# Mangrove Snapper



## Hoss78 (Jul 26, 2020)

Does anyone know the size limits for mangrove/gray snapper in ga? I have looked everywhere I know and can’t find anything.


----------



## lampern (Jul 26, 2020)

Can't find any bag or size limits for state waters (0-3 miles out)


But outside of Ga (in federal waters) the limit is 10 with a minimum size limit of 12 inches

The way I see it, if its not in the "saltwater" fish bag and size limits table in the regulations digest, you can keep it at any size.

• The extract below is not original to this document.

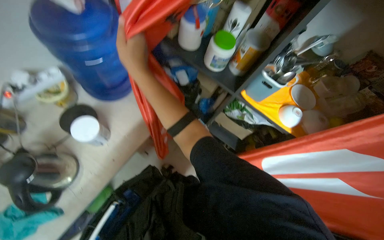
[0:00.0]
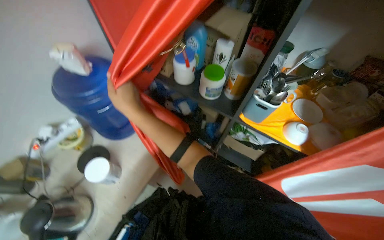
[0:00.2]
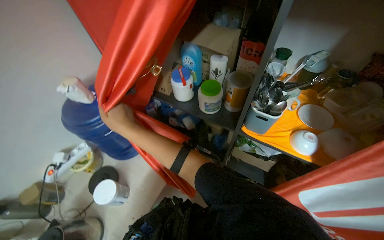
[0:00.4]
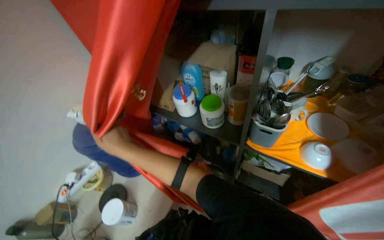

If a fish has a recreational bag or size limit or no harvest in saltwater state waters it should be listed in that table.


----------



## Cumberlandjg (Jul 27, 2020)

10 is a good minimum to practice, anything smaller and really not much point to keep because the filets are so small. No regulations in Georgia though I am aware of. It seems they usually come in good about every 2-3 years.


----------



## Chap (Jul 27, 2020)

Currently no bag limits on mangrove snapper.  Only been in the last few years that mangroves have moved up this far north in larger numbers that you are starting to see some substantial catches of them.  In past you could get one as an occasional by-catch, but they have only recently become more prolific.  So the state hasn't caught up yet.  Give them a few years and you'll need a note from your mother to catch one.


----------



## Hoss78 (Jul 27, 2020)

Thanks guys. I found some this weekend while trying to catch some sheeps but didn’t keep any because I couldn’t find anything on them. Really surprised the state hasn’t picked up on them yet because they are excellent table fare.


----------



## Rhodes (Jul 27, 2020)

Chap said:


> Give them a few years and you'll need a note from your mother to catch one



Good one........


----------



## lampern (Jul 27, 2020)

Rhodes said:


> Good one........



I doubt it

Fishing regulations don’t seem to get changed unless the Feds force  a change


----------



## KyDawg (Jul 28, 2020)

They are good eating. We catch a few each year in Gulf shores.


----------